As I tossed around overalls and shirts and dresses in search of not one but two pairs of pants that would fit a first grade girl, I found that either the school's upper grades had a serious incontinence problem or these clothes were donated by someone who wasn't thinking much about the age, and corresponding size, of a typical pants-wetter. Most of the clothes were HUGE, and the few items that weren't were so tiny the wearer surely would've been young enough to sport a diaper anyway.

Finally I found some pant candidates. I felt as though I had just run a marathon through a thrift store (which, come to think of it, would definitely be my preferred kind of marathon). Proudly holding up the pants, I braced myself for the grateful hugs of pee-soaked girls.

"Those pants are UGLY!" Veronica exclaimed in disgust.

I looked at her, entire bottom half soaked and splotchy, with the most genuine confusion. I would no more have anticipated her response -- a fashion critique of the pants?! WHAT ?! -- than if she had ripped off her face, revealing her true alien features, and demanded to be taken to my leader.

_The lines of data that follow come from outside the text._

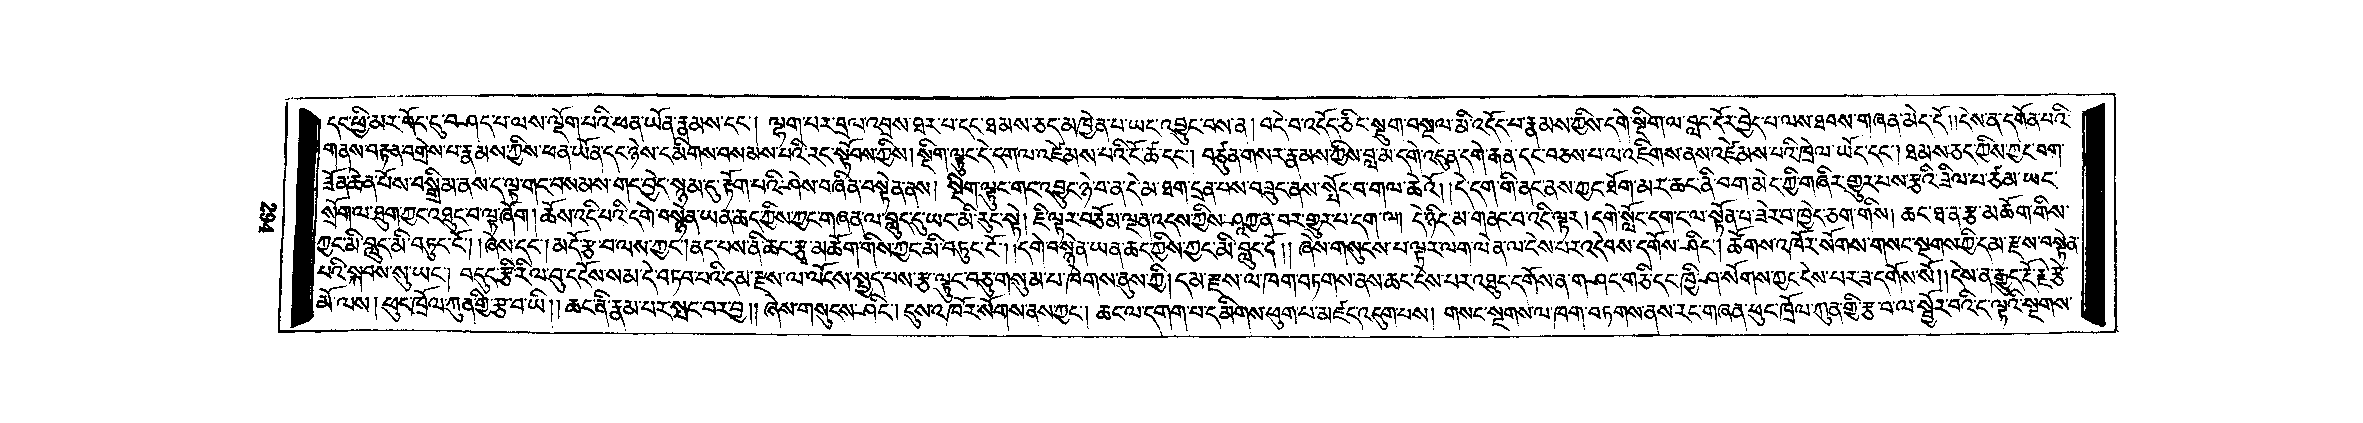དང་ཕྱི་མར་གོང་དུ་བཤད་པ་ལས་ལྡོག་པའི་ཕན་ཡོན་རྣམས་དང་། ལྷག་པར་བྲལ་འབྲས་ཐར་པ་དང་ཐམས་ཅད་མཁྱེན་པ་ཡང་འབྱུང་བས་ན། བདེ་བ་འདོད་ཅིང་སྡུག་བསྔལ་མི་འདོད་པ་རྣམས་ཀྱིས་དགེ་སྡིག་ལ་བླང་དོར་བྱེད་པ་ལས་ཐབས་གཞན་མེད་དོ། །དེས་ན་དགོན་པའི་
གནས་བརྟན་བགྲེས་པ་རྣམས་ཀྱིས་ཕན་ཡོན་དང་ཉེས་དམིགས་བསམས་པའི་རང་སྟོབས་ཀྱིས། སྡིག་ལྟུང་དེ་དག་ལ་འཛེམས་པའི་ངོ་ཚ་དང་། བཙུན་གསར་རྣམས་ཀྱིས་བླ་མ་དགེ་འདུན་དགེ་རྒན་དང་བཅས་པ་ལ་འཇིགས་ནས་འཛེམས་པའི་ཁྲེལ་ཡོད་དང་། ཐམས་ཅད་ཀྱིས་ཀྱང་བག་
ཟོན་ཆེན་པོས་བསྒྲིམ་ནས་ད་ལྟ་གང་བསམས་གང་བྱེད་སྙམ་དུ་རྟོག་པའི་ཤེས་བཞིན་བསྟེན་ནས། སྡིག་ལྟུང་གང་འབྱུང་ཉེ་བ་ན་དེ་མ་ཐག་དྲན་པས་བཟུང་ནས་སྤོང་བ་གལ་ཆེའོ། །དེ་དག་གི་ནང་ནས་ཀྱང་ཐོག་མར་ཆང་ནི་བག་མེད་ཀྱི་གཞིར་གྱུར་པས་རྩའི་ཟིལ་པ་ཙམ་ཡང་
སྲོག་ལ་ཐུག་ཀྱང་འཐུང་བ་ལྟ་ཞོག །ཆོས་འདི་པའི་དགེ་བསྙེན་ཡན་ཆད་ཀྱི་ཀྱང་གཞན་ལ་བླུད་དུ་ཡང་མི་རུང་སྟེ། ཇི་ལྟར་བཅོམ་ལྡན་འདས་ཀྱིས་ཤཱཀྱ་ན་བར་གྱུར་པ་དག་ལ། དེ་ཉིད་མ་གནང་བ་འདི་ལྟར། དགེ་སློང་དག་ང་ལ་སྟོན་པ་ཟེར་བ་ཁྱེད་ཅག་གིས། ཆང་ཐ་ན་རྩ་མཆོག་གིས་
ཀྱང་མི་བླུད་མི་བཏུང་ངོ། །ཞེས་དང་། མདོ་རྩ་བ་ལས་ཀྱང་། ནད་པས་ནི་ཆང་རྩྭ་མཆོག་གིས་ཀྱང་མི་བཏུང་ངོ། །དགེ་བསྙེན་ཡན་ཆད་ཀྱིས་ཀྱང་མི་བླུང་དོ། །ཞེས་གསུངས་པ་ལྟར་ལག་ལེན་ལ་ངེས་པར་འདེབས་དགོས་ཤིང་། ཚོགས་འཁོར་སོགས་གསང་སྔགས་ཀྱི་དམ་རྫས་བསྟེན་
པའི་སྐབས་སུ་ཡང་། བདུད་རྩི་རིལ་བུ་དངོས་སམ་དེ་བཏབ་པའི་དམ་རྫས་ལ་ལོངས་སྤྱད་པས་རྩ་ལྟུང་བཅུ་གསུམ་པ་ཁེགས་ནུས་ཀྱི། དམ་རྫས་ལ་ཁག་བཏགས་ནས་ཆང་ངེས་པར་འཐུང་དགོས་ན་གཤད་གཅི་དང་ཁྱི་ཤ་སོགས་ཀྱང་ངེས་པར་ཟ་དགོས་སོ། །དེས་ན་རྒྱུད་རྡོ་རྗེ་རྩེ་
མོ་ལས། ཕུང་ཁྲོལ་ཀུན་གྱི་རྩ་བ་ཡི། །ཆང་ནི་རྣམ་པར་སྤང་བར་བྱ། །ཞེས་གསུངས་ཤིང་། དུས་འཁོར་སོགས་ནས་ཀྱང་། ཆང་ལ་དགག་པ་དམིགས་ཕུག་པ་མཛད་འདུག་པས། གསང་སྔགས་ལ་ཁག་བཏགས་ནས་རང་གཞན་ཕུང་ཁྲོལ་ཀུན་གྱི་རྩ་བ་ལ་སྦྱོར་བའི་ད་ལྟའི་སྔགས་

"YOU ARE MARINATING IN YOUR OWN URINE!" I wanted to shriek at her.

But I couldn't. It was beneath me. So I held my nose and dove back into the box of moth-eaten clothes.

2 comments:

Anonymous said...

brilliant writing. Completly captivated. In fact I was so captivated I forgot to go the bathroom.
Got any 32" pants in there...

johnnylockheart said...

Great vignette, Erin. I have a feeling that by the time we've read the finished product all the way through, you're going to have a lot of us peeing our pants. ;-)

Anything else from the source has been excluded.